» Task objective: Each line below needs to be returned exactly. Skip any picture.

--- START ---

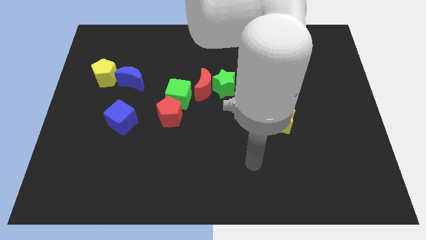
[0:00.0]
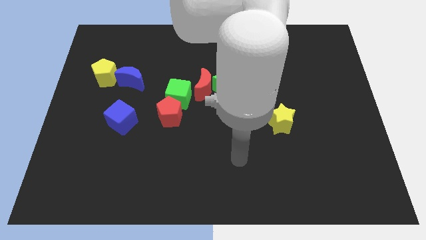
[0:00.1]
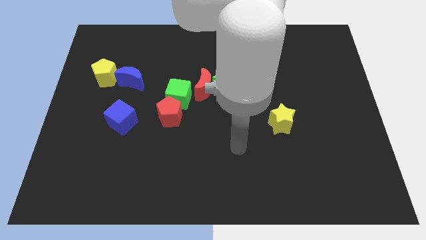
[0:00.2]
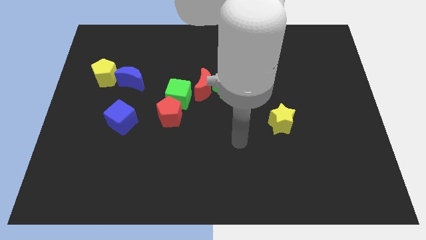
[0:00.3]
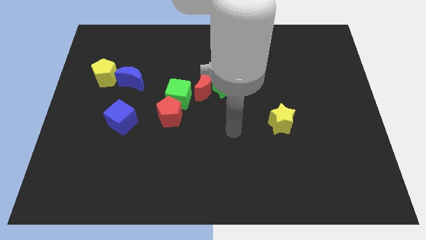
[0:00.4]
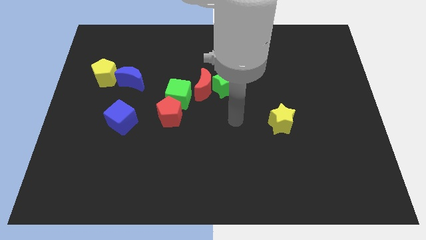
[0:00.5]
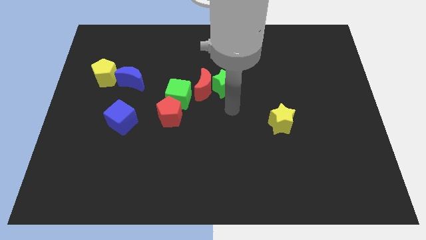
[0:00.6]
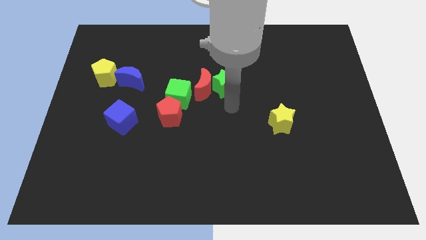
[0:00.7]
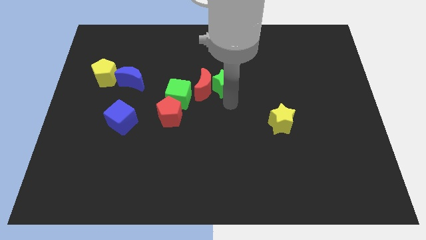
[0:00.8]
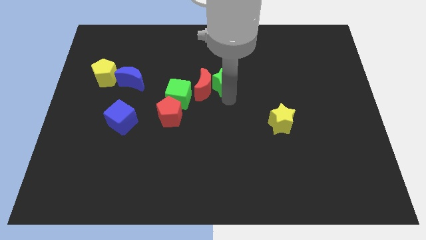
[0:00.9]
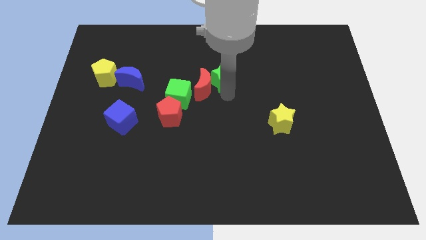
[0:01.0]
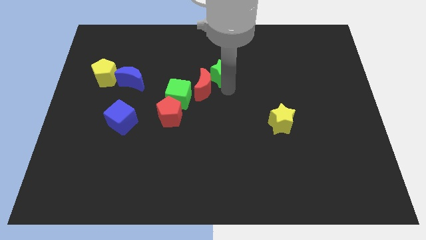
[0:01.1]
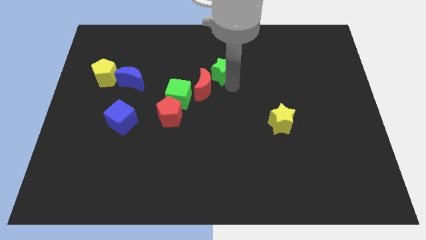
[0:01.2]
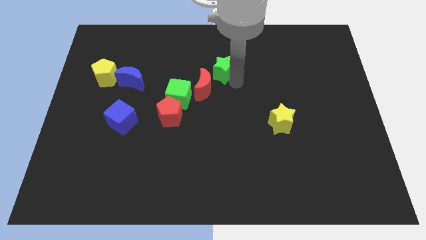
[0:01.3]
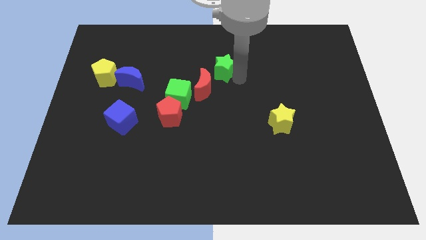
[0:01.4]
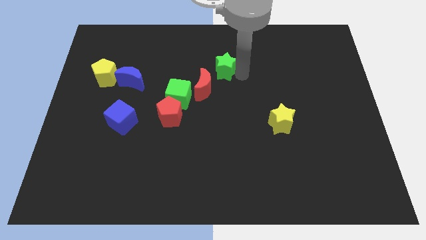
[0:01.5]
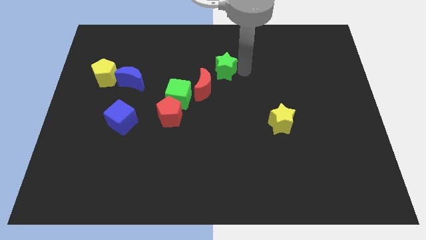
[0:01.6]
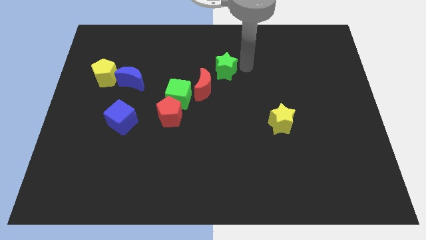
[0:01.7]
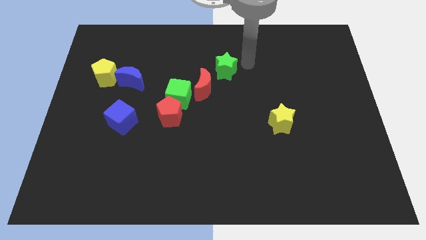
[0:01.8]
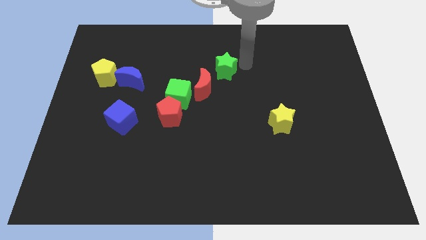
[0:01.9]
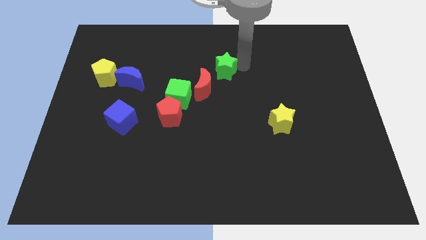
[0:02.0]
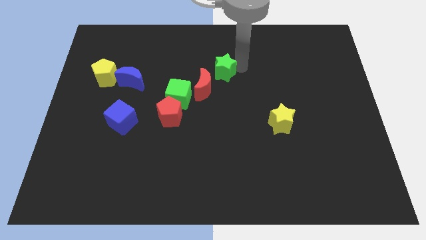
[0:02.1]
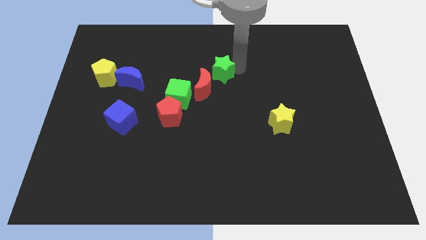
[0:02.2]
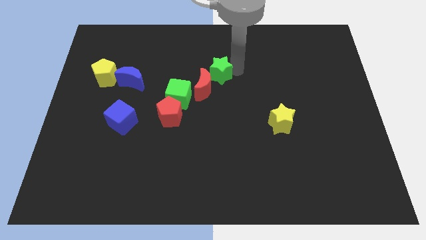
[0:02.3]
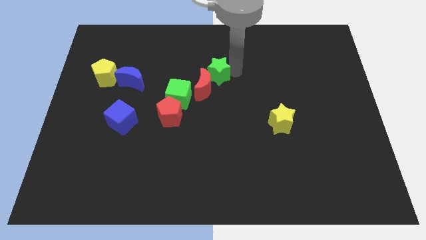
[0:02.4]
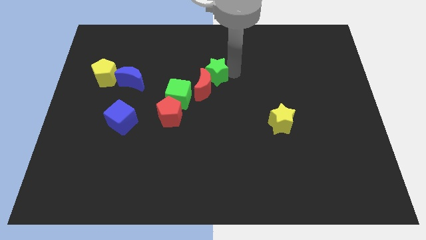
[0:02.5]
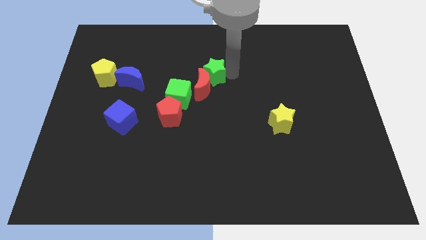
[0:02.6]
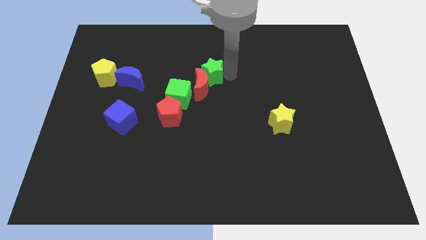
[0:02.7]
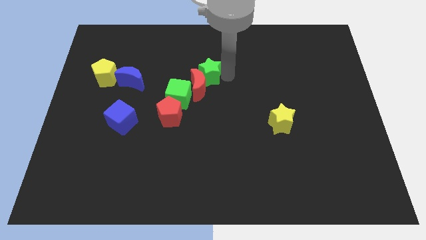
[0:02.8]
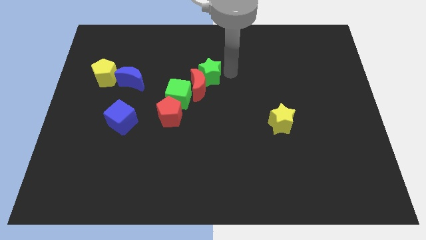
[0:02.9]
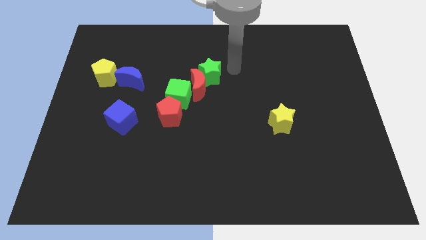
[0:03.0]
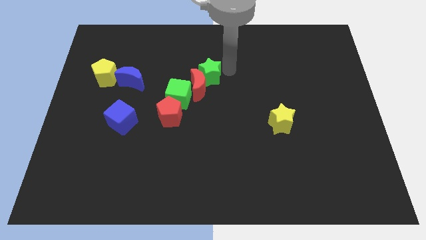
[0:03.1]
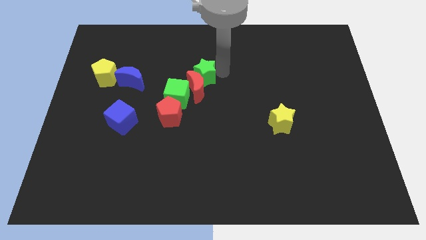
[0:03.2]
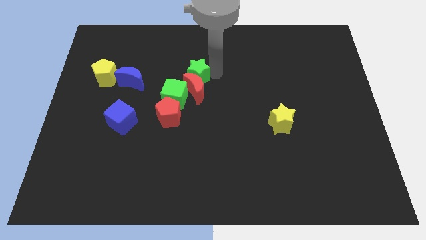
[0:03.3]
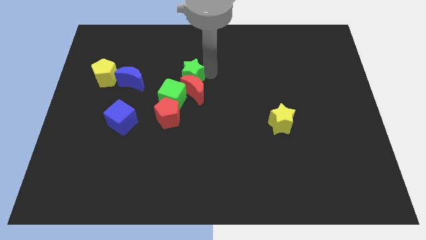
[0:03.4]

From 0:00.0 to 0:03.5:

--- END ---

» Written response:
[0:00.0]
[0:00.1]
[0:00.2]
[0:00.3]
[0:00.4]
[0:00.5]
[0:00.6]
[0:00.7]
[0:00.8]
[0:00.9]
[0:01.0]
[0:01.1]
[0:01.2]
[0:01.3]
[0:01.4]
[0:01.5]
[0:01.6]
[0:01.7]
[0:01.8]
[0:01.9]
[0:02.0]
[0:02.1]
[0:02.2]
[0:02.3]
[0:02.4]
[0:02.5]
[0:02.6]
[0:02.7]
[0:02.8]
[0:02.9]
[0:03.0]
[0:03.1]
[0:03.2]
[0:03.3]
[0:03.4]

From 0:00.0 to 0:03.5:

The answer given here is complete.